> **TASK OBJECTIVE**
Among the entries below, extract exactly the lines that run from the one with "#1638=EDGE_CURVE('',#1290,#1291,#707,.T.);" through the one with "#2381=ORIENTED_EDGE('',*,*,#1638,.T.);", both ends included.

----- SUPPLIED MATERIAL

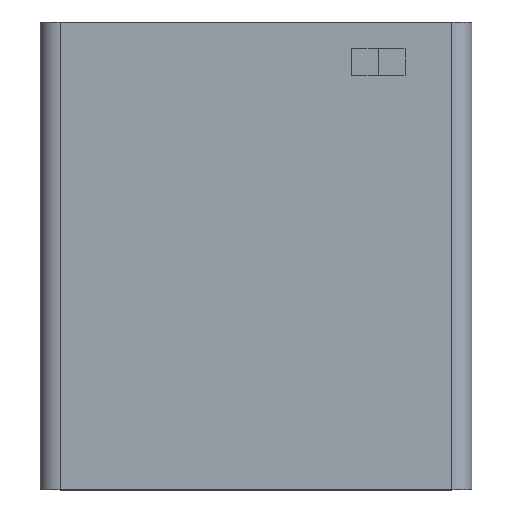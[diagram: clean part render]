
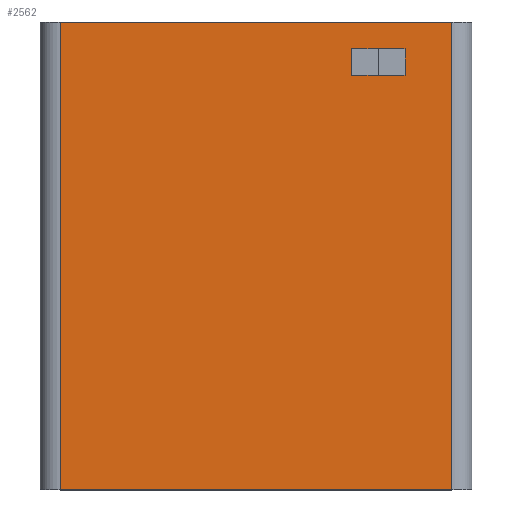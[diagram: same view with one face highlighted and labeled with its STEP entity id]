
A CAD part, top view. The second image highlights one B-rep face of the part: STEP entity #2562.
In plain terms, the highlighted planar face has unit normal (0, 0, 1).
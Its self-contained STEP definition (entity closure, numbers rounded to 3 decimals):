
#78=FACE_BOUND('',#464,.T.);
#169=PLANE('',#2715);
#308=FACE_OUTER_BOUND('',#463,.T.);
#463=EDGE_LOOP('',(#2373,#2374,#2375,#2376));
#464=EDGE_LOOP('',(#2377,#2378,#2379,#2380,#2381,#2382));
#701=LINE('',#4453,#971);
#707=LINE('',#4470,#977);
#711=LINE('',#4478,#981);
#719=LINE('',#4493,#989);
#723=LINE('',#4501,#993);
#726=LINE('',#4508,#996);
#728=LINE('',#4511,#998);
#729=LINE('',#4515,#999);
#734=LINE('',#4528,#1004);
#735=LINE('',#4531,#1005);
#971=VECTOR('',#3184,10.);
#977=VECTOR('',#3200,10.);
#981=VECTOR('',#3206,10.);
#989=VECTOR('',#3218,10.);
#993=VECTOR('',#3226,10.);
#996=VECTOR('',#3233,10.);
#998=VECTOR('',#3237,10.);
#999=VECTOR('',#3242,10.);
#1004=VECTOR('',#3255,10.);
#1005=VECTOR('',#3260,10.);
#1284=VERTEX_POINT('',#4450);
#1285=VERTEX_POINT('',#4452);
#1290=VERTEX_POINT('',#4468);
#1291=VERTEX_POINT('',#4469);
#1294=VERTEX_POINT('',#4477);
#1299=VERTEX_POINT('',#4489);
#1301=VERTEX_POINT('',#4499);
#1303=VERTEX_POINT('',#4507);
#1304=VERTEX_POINT('',#4513);
#1308=VERTEX_POINT('',#4527);
#1630=EDGE_CURVE('',#1285,#1284,#701,.T.);
#1638=EDGE_CURVE('',#1290,#1291,#707,.T.);
#1642=EDGE_CURVE('',#1294,#1290,#711,.T.);
#1650=EDGE_CURVE('',#1299,#1294,#719,.T.);
#1654=EDGE_CURVE('',#1291,#1301,#723,.T.);
#1657=EDGE_CURVE('',#1301,#1303,#726,.T.);
#1659=EDGE_CURVE('',#1303,#1299,#728,.T.);
#1661=EDGE_CURVE('',#1304,#1284,#729,.T.);
#1667=EDGE_CURVE('',#1285,#1308,#734,.T.);
#1669=EDGE_CURVE('',#1304,#1308,#735,.T.);
#2373=ORIENTED_EDGE('',*,*,#1661,.F.);
#2374=ORIENTED_EDGE('',*,*,#1669,.T.);
#2375=ORIENTED_EDGE('',*,*,#1667,.F.);
#2376=ORIENTED_EDGE('',*,*,#1630,.T.);
#2377=ORIENTED_EDGE('',*,*,#1657,.T.);
#2378=ORIENTED_EDGE('',*,*,#1659,.T.);
#2379=ORIENTED_EDGE('',*,*,#1650,.T.);
#2380=ORIENTED_EDGE('',*,*,#1642,.T.);
#2381=ORIENTED_EDGE('',*,*,#1638,.T.);
#2382=ORIENTED_EDGE('',*,*,#1654,.T.);
#2562=ADVANCED_FACE('',(#308,#78),#169,.T.);
#2715=AXIS2_PLACEMENT_3D('',#4530,#3258,#3259);
#3184=DIRECTION('',(-1.,0.,0.));
#3200=DIRECTION('',(1.,0.,0.));
#3206=DIRECTION('',(0.,1.,0.));
#3218=DIRECTION('',(-1.,0.,0.));
#3226=DIRECTION('',(1.,0.,0.));
#3233=DIRECTION('',(0.,-1.,0.));
#3237=DIRECTION('',(-1.,0.,0.));
#3242=DIRECTION('',(0.,1.,0.));
#3255=DIRECTION('',(0.,-1.,0.));
#3258=DIRECTION('center_axis',(0.,0.,1.));
#3259=DIRECTION('ref_axis',(1.,0.,0.));
#3260=DIRECTION('',(1.,0.,0.));
#4450=CARTESIAN_POINT('',(3.,70.,19.5));
#4452=CARTESIAN_POINT('',(61.6,70.,19.5));
#4453=CARTESIAN_POINT('',(64.6,70.,19.5));
#4468=CARTESIAN_POINT('',(46.6,66.,19.5));
#4469=CARTESIAN_POINT('',(50.6,66.,19.5));
#4470=CARTESIAN_POINT('',(39.45,66.,19.5));
#4477=CARTESIAN_POINT('',(46.6,62.,19.5));
#4478=CARTESIAN_POINT('',(46.6,48.5,19.5));
#4489=CARTESIAN_POINT('',(50.6,62.,19.5));
#4493=CARTESIAN_POINT('',(43.45,62.,19.5));
#4499=CARTESIAN_POINT('',(54.6,66.,19.5));
#4501=CARTESIAN_POINT('',(39.45,66.,19.5));
#4507=CARTESIAN_POINT('',(54.6,62.,19.5));
#4508=CARTESIAN_POINT('',(54.6,50.5,19.5));
#4511=CARTESIAN_POINT('',(43.45,62.,19.5));
#4513=CARTESIAN_POINT('',(3.,0.,19.5));
#4515=CARTESIAN_POINT('',(3.,52.5,19.5));
#4527=CARTESIAN_POINT('',(61.6,0.,19.5));
#4528=CARTESIAN_POINT('',(61.6,17.5,19.5));
#4530=CARTESIAN_POINT('Origin',(32.3,35.,19.5));
#4531=CARTESIAN_POINT('',(0.,0.,19.5));

----------

> **EXERCISE SOLUTION**
#1638=EDGE_CURVE('',#1290,#1291,#707,.T.);
#1642=EDGE_CURVE('',#1294,#1290,#711,.T.);
#1650=EDGE_CURVE('',#1299,#1294,#719,.T.);
#1654=EDGE_CURVE('',#1291,#1301,#723,.T.);
#1657=EDGE_CURVE('',#1301,#1303,#726,.T.);
#1659=EDGE_CURVE('',#1303,#1299,#728,.T.);
#1661=EDGE_CURVE('',#1304,#1284,#729,.T.);
#1667=EDGE_CURVE('',#1285,#1308,#734,.T.);
#1669=EDGE_CURVE('',#1304,#1308,#735,.T.);
#2373=ORIENTED_EDGE('',*,*,#1661,.F.);
#2374=ORIENTED_EDGE('',*,*,#1669,.T.);
#2375=ORIENTED_EDGE('',*,*,#1667,.F.);
#2376=ORIENTED_EDGE('',*,*,#1630,.T.);
#2377=ORIENTED_EDGE('',*,*,#1657,.T.);
#2378=ORIENTED_EDGE('',*,*,#1659,.T.);
#2379=ORIENTED_EDGE('',*,*,#1650,.T.);
#2380=ORIENTED_EDGE('',*,*,#1642,.T.);
#2381=ORIENTED_EDGE('',*,*,#1638,.T.);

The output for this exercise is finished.